On the area verged brown, the extent of the land was too much.
There are two beacons identified on exhibit P23, as distinct from the 20 beacons pleaded. These two beacons identifiable are CAM 286 73 and CAM 286 74 respectively.

From the judgment of the Court below, it observed, having appraised the evidence (both documentary and oral) that there were various acts of possession and ownership by the Defendants/Respondents.

PW1’s evidence tells how that the plaintiffs father was seen planting on the land in dispute. He testified under cross-examination that on the road from Umunemehni Ihala through Ubuluisizo Uli, the Ubuluisizor people live on the left hand side of that road, while Uli people live on the right hand side of the road.
PW3, one Alexander corroborated PW1’s evidence regarding this issue of the identity of the land.

The Court below had observed thus – That “PW1 who knows better the situs of Charles Ozoigbo cashew plantation and when the said Charles built a hut has located it at the right hand side of the road. The land in dispute is not on the right hand side but on the left hand side of the road as clearly shown in the Appellant survey plan- Exhibit P23”.

The Appellants had produced Exbibit P6 – a joint Survey Plan made by the Appellants’ father, Gilbert Ozoigbo and Ignatius Ozoigbo, tendered by PW5 – Peter Ozoigbo eldest son of the Gilbert Ozoigbo.
PW5’s testimony that his portion of land and that owned by Ignatius Ozoigbo share common boundary with the land in dispute is not shown on P23.

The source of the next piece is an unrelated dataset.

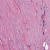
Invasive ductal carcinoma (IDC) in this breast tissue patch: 1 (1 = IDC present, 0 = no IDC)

The law is trite that a Court may refuse to attach credibility to a Survey Plan, when a party gives evidence that is contradictory to his Survey Plan, for example as in the instant case where the Appellants gave evidence as to the boundaries of the land which did not correspond to the boundaries stated in their Survey Plan. – AKPAN & ORS V OTONG & ORS (1996) LPELR – 374SC.

The Court below was at a loss as to the identity of the land in dispute. It was right to hold that the Appellants did not prove their case thereby dismissing same. This is regrettable because as I earlier observed, the root of title proffered by the Appellants seem to me more plausible than that of the Respondents, but they failed to positively identify the land disputed.

ISSUE NO 2: It is one thing to establish traditional history and another thing to establish possession and title to land. The tort of trespass is predicated on possession. But possession does not mean that the person has title to that piece of land.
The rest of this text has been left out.